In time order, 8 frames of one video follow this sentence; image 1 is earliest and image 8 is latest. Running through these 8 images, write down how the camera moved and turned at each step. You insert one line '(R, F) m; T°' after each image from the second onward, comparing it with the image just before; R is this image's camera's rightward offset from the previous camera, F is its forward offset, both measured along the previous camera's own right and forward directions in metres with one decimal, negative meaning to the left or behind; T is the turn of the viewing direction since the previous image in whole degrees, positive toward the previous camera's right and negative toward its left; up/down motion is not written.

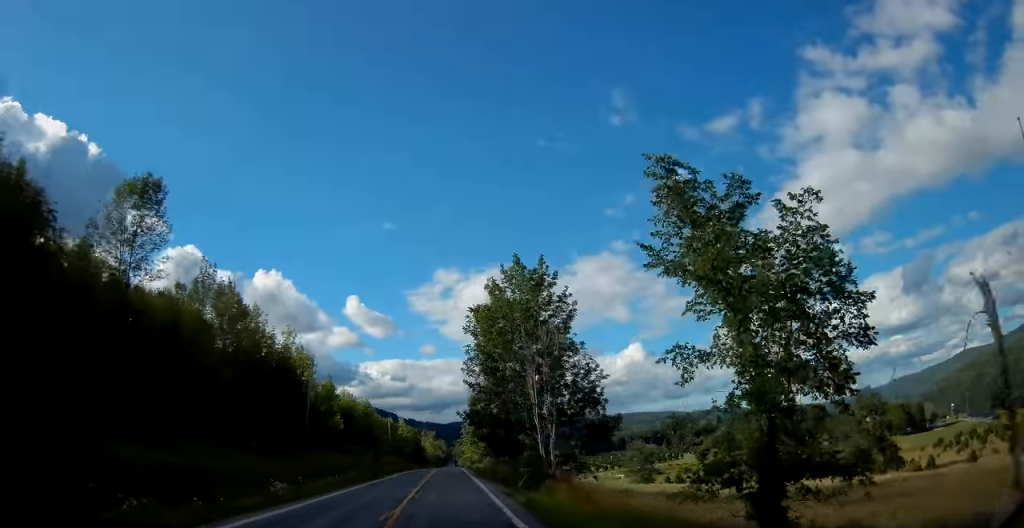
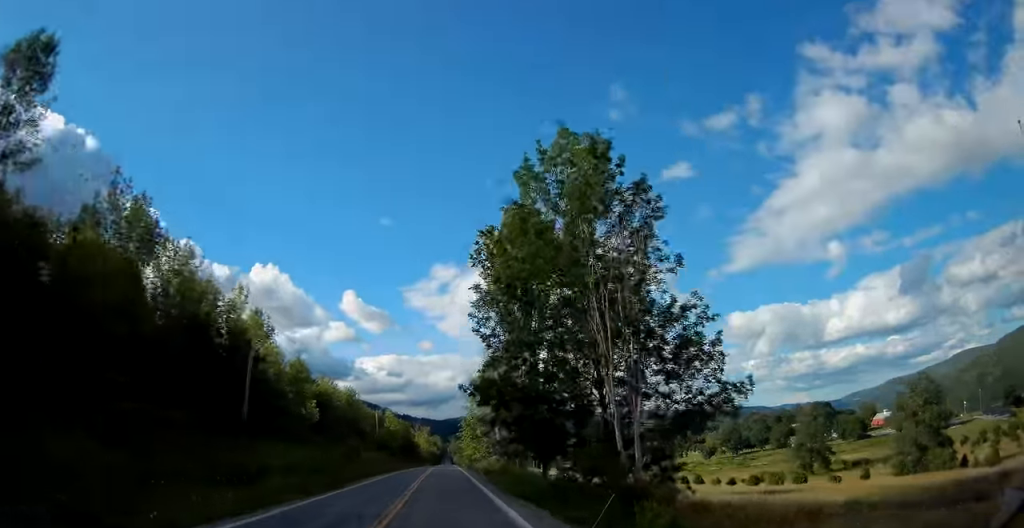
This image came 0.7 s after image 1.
(+0.2, +17.3) m; +1°
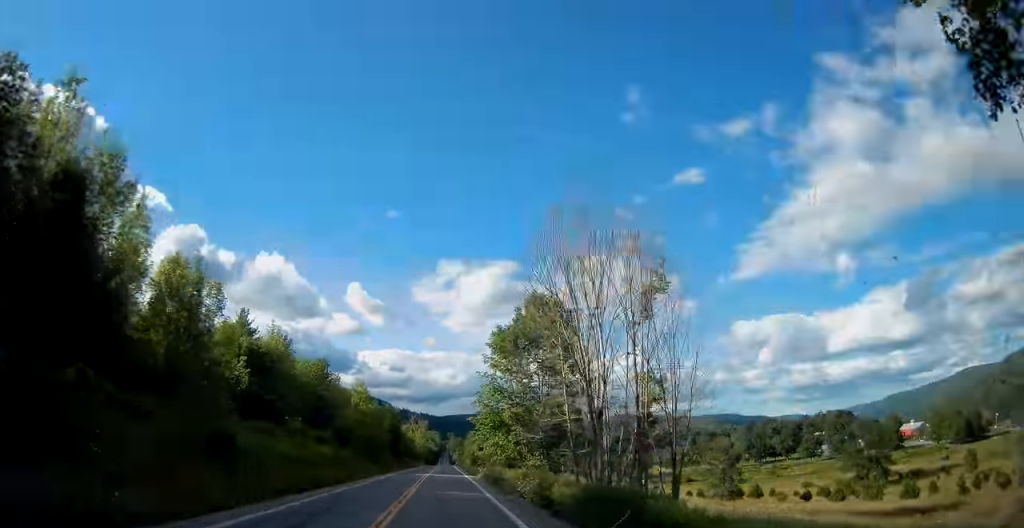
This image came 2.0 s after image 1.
(0.0, +33.1) m; 0°
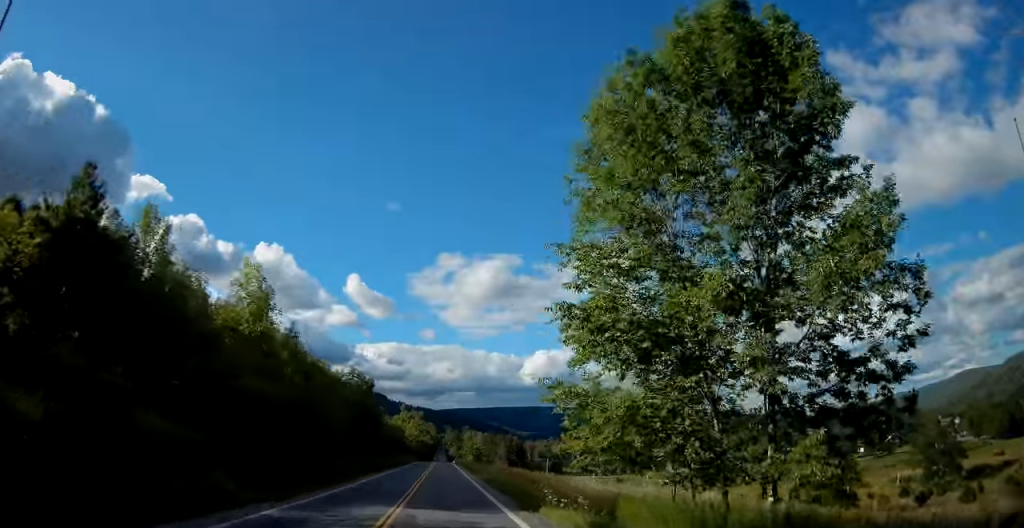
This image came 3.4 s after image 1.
(+0.3, +33.7) m; 0°
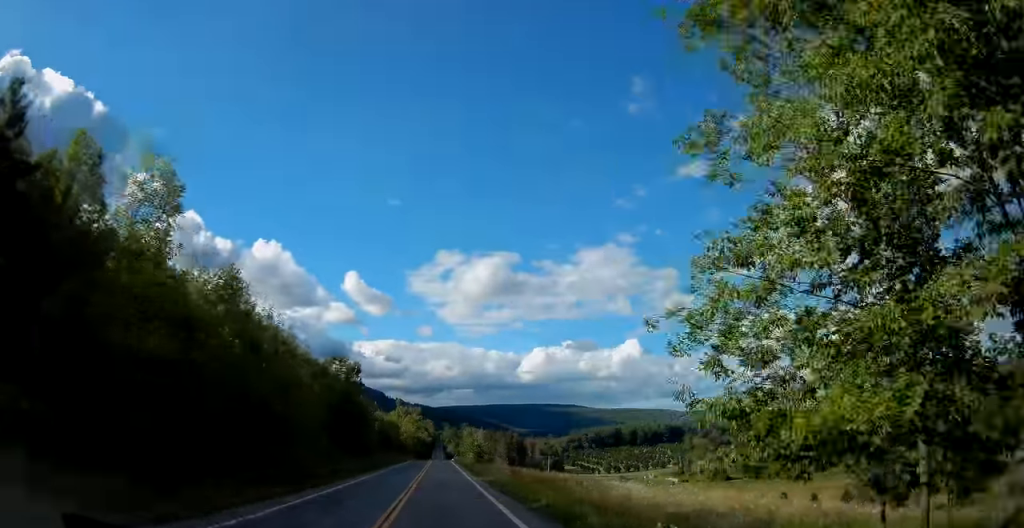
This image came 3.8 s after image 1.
(+0.1, +9.8) m; 0°
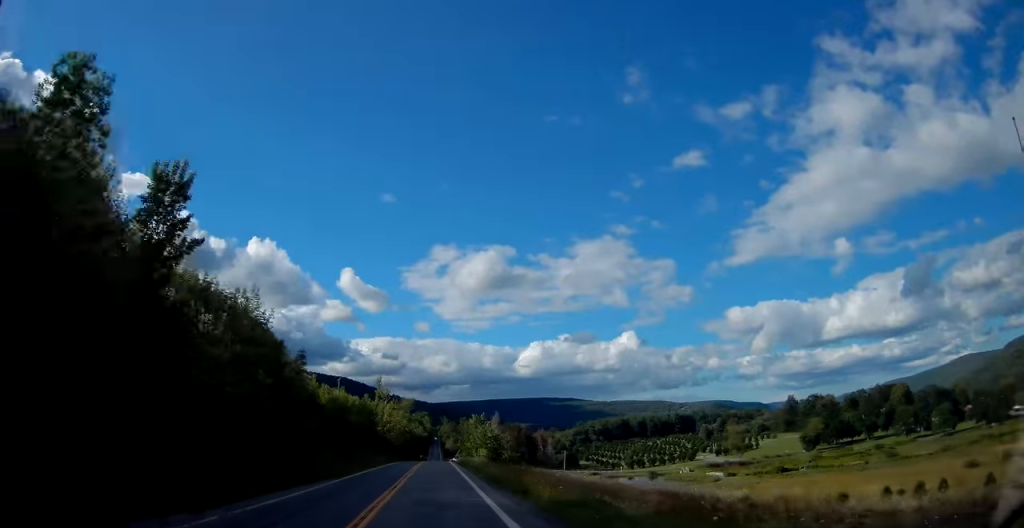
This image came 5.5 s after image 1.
(-0.2, +40.6) m; 0°
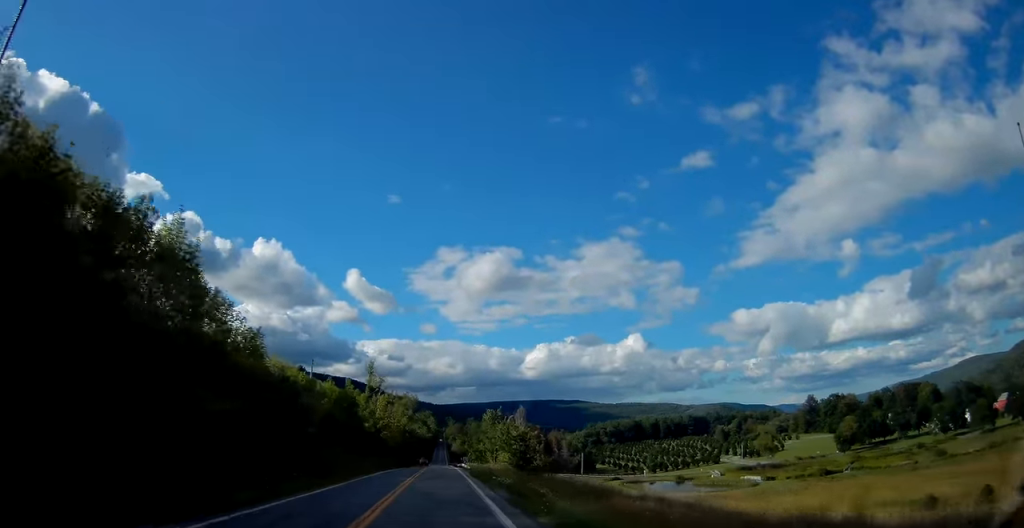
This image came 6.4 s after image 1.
(-0.1, +21.9) m; 0°
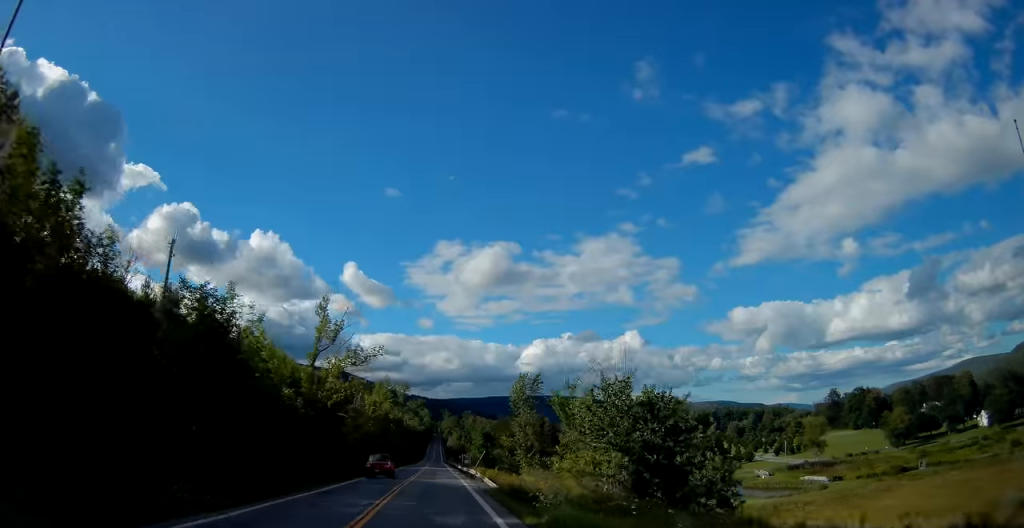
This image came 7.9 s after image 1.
(+0.2, +36.6) m; 0°

********

YOUR INSTRUCTIONS :: Write the records out again in full, exactly, and skip every picture.

REPLY ::
In time order, 8 frames of one video follow this sentence; image 1 is earliest and image 8 is latest. Running through these 8 images, write down how the camera moved and turned at each step. You insert one line '(R, F) m; T°' after each image from the second onward, comparing it with the image just before; R is this image's camera's rightward offset from the previous camera, F is its forward offset, both measured along the previous camera's own right and forward directions in metres with one decimal, negative meaning to the left or behind; T is the turn of the viewing direction since the previous image in whole degrees, positive toward the previous camera's right and negative toward its left; up/down motion is not written.

This image came 0.7 s after image 1.
(+0.2, +17.3) m; +1°
This image came 2.0 s after image 1.
(0.0, +33.1) m; 0°
This image came 3.4 s after image 1.
(+0.3, +33.7) m; 0°
This image came 3.8 s after image 1.
(+0.1, +9.8) m; 0°
This image came 5.5 s after image 1.
(-0.2, +40.6) m; 0°
This image came 6.4 s after image 1.
(-0.1, +21.9) m; 0°
This image came 7.9 s after image 1.
(+0.2, +36.6) m; 0°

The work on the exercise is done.